I found a solution: for Windows 10, install the R language package from this url:
https://cran.r-project.org/web/packages/rio/index.html
install RStudio from:
https://www.rstudio.com/products/rstudio/download/#download
from the prompt in RStudio follow the Import, Export, and Convert Data Files instructions here:
https://cran.microsoft.com/snapshot/2015-11-15/web/packages/rio/vignettes/rio.html
works a treat, converted my .tsv files to Weka arff format no problem. The only thing I haven't done is test the arff files in Weka yet (and compare with Python sklearn results), as I'm hoping there isn't a problem with commas embedded in the text message bodies. Scikit-Learn and TfidfVectorizer has no problems with embedded commas in a tsv file!

Converting source code directory into ARFF (WEKA)

Currently, i am working on a project using WEKA. Being naive and newbie in it, there are many things which i am not familair with. In my last project I used text files as a classification using WEKA. I applied the TextDirectoryLoader convertor to convert a directory containing text files as mentioned on this URL Text categorization with WEKA. Now I want to use the same stretagy for converting a directory containing source code (instead of text). For example, I have a Jedit source file containing Java source code. I am trying to convert it to ARFF file so that i can apply classifiers or other functions present in WEKA on that ARFF file for data mining purposes. I have also tried a test file given on following URL ARFF files from Text Collections. I believe i can use the same file as an example to convert source code files. However, I do not know what attributes should I define in a FastVector? and What format should the data be in (String or numeric). And what other sections should an ARFF file may have?
As in the example the authors have defined following attributes
FastVector atts = new FastVector(2);
atts.addElement(new Attribute("filename", (FastVector) null));
atts.addElement(new Attribute("contents", (FastVector) null));
I have tried to find some examples on Google but no success.
Could anyone here suggests me any solution or alternate to solve the above said problem? (Example code will be highly appreciated).
Or atleast could give me a short example which convertes a source code directory into an ARFF file. (If it is possible).
If not possible what could be the possible reason
Any alternate solution (except WEKA) where I can use the same set of functions on a source code.
It is not clear, what is your goal? Do you want to classify the source code files, or find the files which are contains any bug, or what?
As I imagine, you want to extract features from each source file, and represent it with an instance. Then you can apply any machine learning based algorithm.
Here, you can find a java example, how can you construct an arff file from java:
https://weka.wikispaces.com/Creating+an+ARFF+file
But, you have to define your task specific features and extract it from each source code files.

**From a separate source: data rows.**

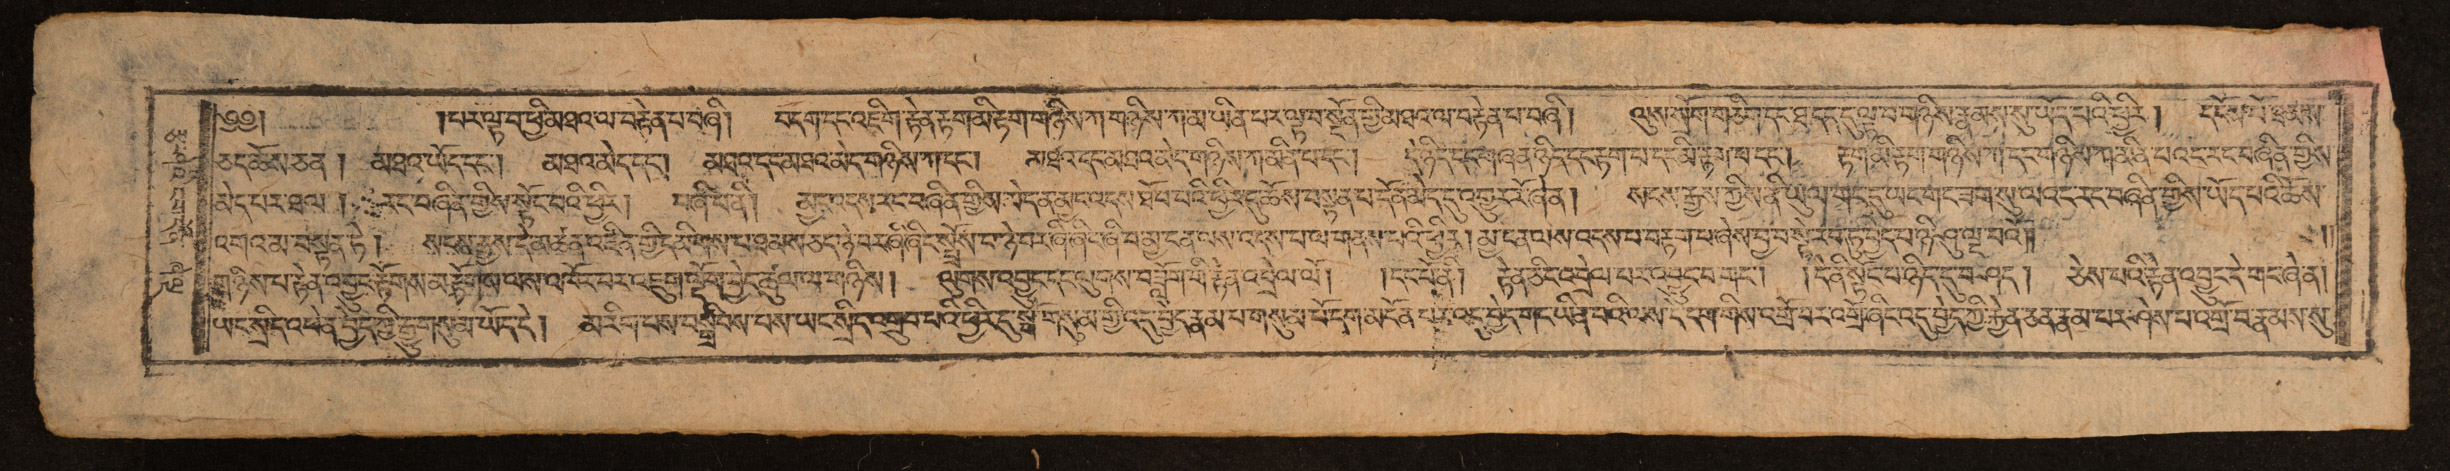༄༅། །པར་ལྟ་བ་ཕྱི་མཐའ་ལ་བརྟེན་པ་བཞི། བདག་དང་འཇིག་རྟེན་རྟག་མི་རྟག་གཉིས་ཀ་གཉིས་ཀ་མ་ཡིན་པར་ལྟ་བ་སྔོན་གྱི་མཐའ་ལ་བརྟེན་པ་བཞི། ལུས་སྲོག་གཅིག་དང་ཐ་དད་དུ་ལྟ་བ་གཉིས་རྣམས་སུ་ཡོད་པའི་ཕྱིར། དངོས་པོ་ཐམས་
ཅད་ཆོས་ཅན། མཐའ་ཡོད་དང་། མཐའ་མེད་དང་། མཐའ་དང་མཐའ་མེད་གཉིས་ཀ་དང་། མཐའ་དང་མཐའ་མེད་གཉིས་ཀ་མིན་པ་དང་། དེ་ཉིད་དང་གཞན་ཉིད་དང་རྟག་པ་དང་མི་རྟག་པ་དང་། རྟག་མི་རྟག་གཉིས་ཀ་དང་གཉིས་ཀ་མིན་པའང་རང་བཞིན་གྱིས་
མེད་པར་ཐལ། རང་བཞིན་གྱིས་སྟོང་བའི་ཕྱིར། བཞི་པ་ནི། མྱང་འདས་རང་བཞིན་གྱིས་མེད་ན་མྱང་འདས་ཐོབ་པའི་ཕྱིར་དུ་ཆོས་བསྟན་པ་དོན་མེད་དུ་འགྱུར་རོ་ཞེ་ན། སངས་རྒྱས་ཀྱིས་ནི་ཡུལ་གང་དུ་ཡང་གང་ཟག་སུ་ལའང་རང་བཞིན་གྱིས་ཡོད་པའི་ཆོས་
འགའ་མ་བསྟན་ཏེ། སངས་རྒྱས་དེ་མཚན་འཛིན་གྱི་དམིགས་པ་ཐམས་ཅད་ཉེ་བར་ཞི་ཞིང་སྤྲོས་པ་ཉེ་བར་ཞི་ཞིང་ཞི་བ་མྱ་ངན་ལས་འདས་པ་ལ་གནས་པའི་ཕྱིར། མྱ་ངན་ལས་འདས་པ་བརྟག་པ་ཞེས་བྱ་བ་སྟེ་རབ་ཏུ་བྱེད་པ་ཉི་ཤུ་ལྔ་པའོ།། །།
གཉིས་པ་རྟེན་འབྱུང་རྟོགས་མ་རྟོགས་ལས་འཁོར་བར་འཇུག་ལྡོག་བྱེད་ཚུལ་ལ་གཉིས། ལུགས་འབྱུང་དང་ལུགས་བཟློག་གི་རྟེན་འབྲེལ་ལོ། །དང་པོ་ནི། རྟེན་ཅིང་འབྲེལ་པར་འབྱུང་བ་གང་། །དེ་ནི་སྟོང་པ་ཉིད་དུ་བཤད། ཅེས་པའི་རྟེན་འབྱུང་དེ་གང་ཞེ་ན།
ཡང་སྲིད་འཕེན་བྱེད་ཀྱི་རྒྱུ་གསུམ་ཡོད་དེ། མ་རིག་པས་བསྒྲིབས་པས་ཡང་སྲིད་འགྲུབ་པའི་ཕྱིར་དུ་སྒོ་གསུམ་གྱི་འདུ་བྱེད་རྣམ་པ་གསུམ་པོ་དག་མངོན་པར་འདུ་བྱེད་གང་ཡིན་པའི་ལས་དེ་དག་གིས་འགྲོ་བར་འགྲོ་ཞིང་འདུ་བྱེད་ཀྱི་རྐྱེན་ཅན་རྣམ་པར་ཤེས་པ་འགྲོ་བ་རྣམས་སུ་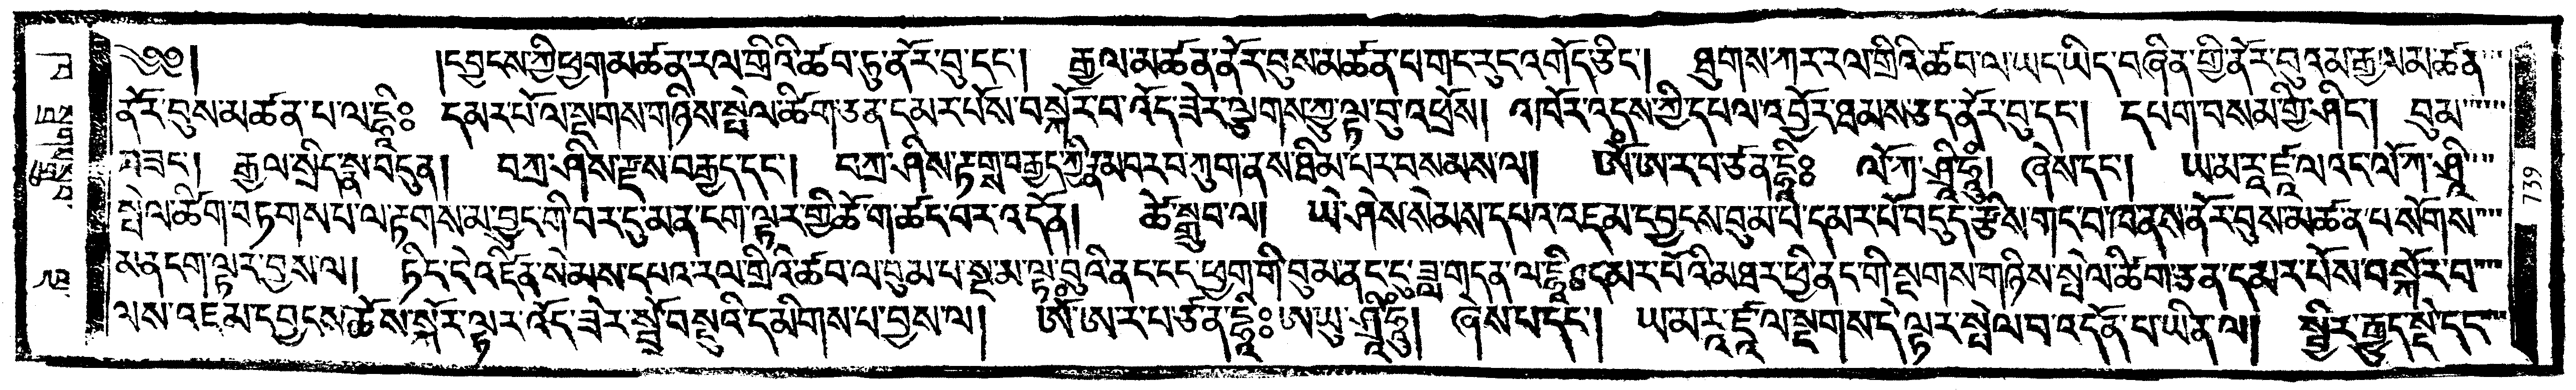༄༅། །དབྱངས་ཀྱི་ཕྱག་མཚན་རལ་གྲིའི་ཚབ་ཏུ་ནོར་བུ་དང་། རྒྱལ་མཚན་ནོར་བུས་མཚན་པ་གང་རུང་འགོད་ཅིང་། ཐུགས་ཀར་རལ་གྲིའི་ཚབ་ལ་ཡང་ཡིད་བཞིན་གྱི་ནོར་བུའམ་རྒྱལ་མཚན་
ནོར་བུས་མཚན་པ་ལ་དྷཱིཿ དམར་པོ་ལ་སྔགས་གཉིས་སྤེལ་ཚིག་ཅན་དམར་པོས་བསྐོར་བ་འོད་ཟེར་ལྕགས་ཀྱུ་ལྟ་བུ་འཕྲོས། འཁོར་འདས་ཀྱི་དཔལ་འབྱོར་ཐམས་ཅད་ནོར་བུ་དང་། དཔག་བསམ་གྱི་ཤིང་། བུམ་
བཟང་། རྒྱལ་སྲིད་སྣ་བདུན། བཀྲ་ཤིས་རྫས་བརྒྱད་དང་། བཀྲ་ཤིས་རྟགས་བརྒྱད་ཀྱི་རྣམ་པར་བཀུག་ནས་ཐིམ་པར་བསམས་ལ། ཨོཾ་ཨ་ར་པ་ཙ་ན་དྷཱིཿ ལོ་ཀ་ཤྲཱི་ཧཱུཾ། ཞེས་དང་། ཡ་མ་རཱ་ཛཱ་ལའང་ལོ་ཀ་ཤྲཱི་
སྤེལ་ཚིག་བཏགས་པ་ལ་རྟགས་མ་བྱུང་གི་བར་དུ་མན་ངག་ལྟར་གྱི་ཆོ་ག་ཚང་བར་འདོན། ཚེ་སྒྲུབ་ལ། ཡེ་ཤེས་སེམས་དཔའ་འཇམ་དབྱངས་བུམ་པ་དམར་པོ་བདུད་རྩིས་གང་བ་ཁ་ནས་ནོར་བུས་མཚན་པ་སོགས་
མན་ངག་ལྟར་བྱས་ལ། ཏིང་ངེ་འཛིན་སེམས་དཔའ་རལ་གྲིའི་ཚབ་ལ་བུམ་པ་སྔ་མ་ལྟ་བུའི་ནང་ངང་ཕྱག་གི་བུམ་ནང་དུ་ཟླ་གདན་ལ་དྷཱིཿ དམར་པོའི་མཐར་ཕྱི་ནང་གི་སྔགས་གཉིས་སྤེལ་ཚིག་ཅན་དམར་པོས་བསྐོར་བ་
ལས་འཇམ་དབྱངས་ཆོས་སྐོར་ལྟར་འོད་ཟེར་སྤྲོ་བསྡུའི་དམིགས་པ་བྱས་ལ། ཨོཾ་ཨ་ར་པ་ཙ་ན་དྷཱིཿ ཨ་ཡུ་ཤྲཱི་ཧཱུཾ། ཞེས་པ་དང་། ཡ་མ་རཱ་ཛཱ་ལ་སྔགས་དེ་ལྟར་སྤེལ་བ་འདོན་པ་ཡིན་ལ། སྤྱིར་རྒྱུད་སྡེ་དང་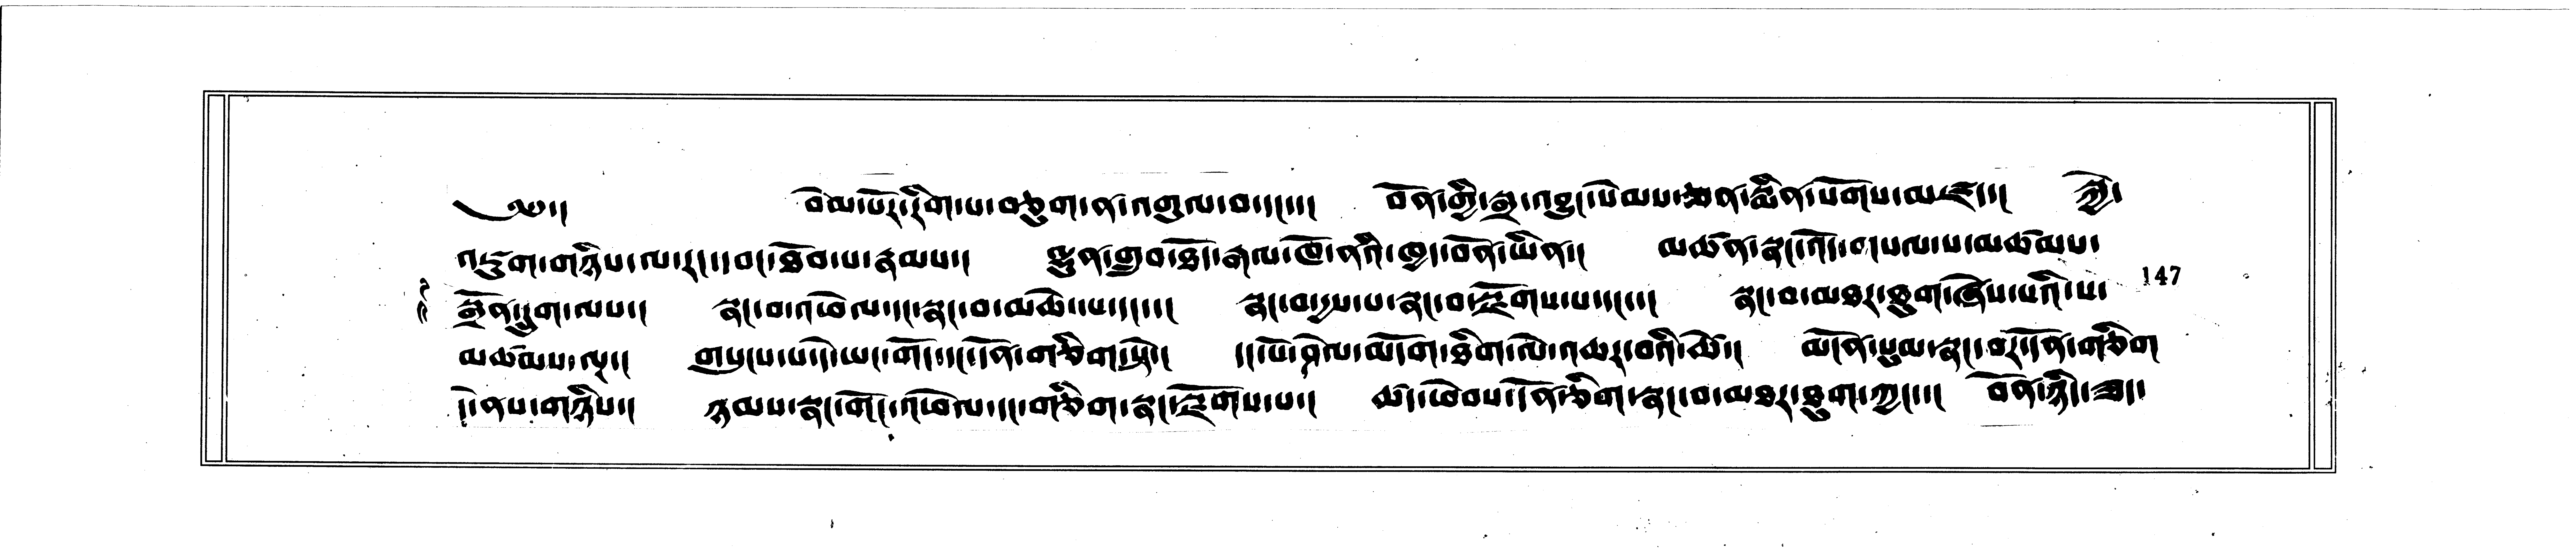བེམ་པོར་རིག་པ་བཅུག་ན་འགུལ་བ་དང་། །བོན་གྱི་སྒྲ་འབྱུང་སེམས་ཅན་སྨིན་སོགས་མཛད། །སྐྱེ་
འཇུག་གཉིས་ལ་རང་དབང་ཐོབ་པ་རྣམས། །ལྷུན་གྲུབ་ཐོད་རྒལ་ཁོ་ནའི་ཁྱད་བོན་ཡིན། །མཚན་སྣང་འོད་གསལ་ས་མཚམས་
སྒྲོན་དྲུག་ལས། །སྣང་བ་འཕེལ་དང་སྣང་བ་མཆེད་པ་དང་། །སྣང་བ་རྒྱས་པ་སྣང་བ་རྫོགས་པ་དང་། །སྣང་བ་མཐར་ཐུག་ཞེས་པའི་ས་
མཚམས་ལྔ། །གསུངས་པ་དེ་ཡང་གོང་དང་དོན་གཅིག་སྟེ། །དང་པོ་ཤེལ་མདོག་ཐིག་ལེ་འཆར་བའི་ཚེ། །མངོན་སུམ་སྣང་བར་དོན་གཅིག་
དེ་ནས་གཉིས། །ཉམས་སྣང་གོང་འཕེལ་དང་གཅིག་སྣང་རྫོགས་པ། །ཚད་ཕེབས་དོན་གཅིག་སྣང་བ་མཐར་ཐུག་ཀྱང་། །བོན་ཉིད་ཟད་

Convert NA values to ? automatically while loading

Is there a way to automatically convert NA values to ? in weka while loading .csv files?
Or do we have to use some other script/program to either replace them with ? or a blank space before loading into weka.
Any help or suggestions are welcome. Thanks
Unfortunately I do not believe Weka has a way to do this conversion. This is the case because Weka's native format is .arff files. In .arff files, missing values are denoted with a "?". When a .csv file is loaded, it expects missing values to also be denoted by "?".
Depending on your method of using Weka I suggest:
For the Weka GUI, use "find and replace" in a simple text editor to change "NA" to "?" before loading the .csv into Weka.
For the Weka Java API, write a method to preprocess your ".csv" file before handing it over to the Weka .csv loader.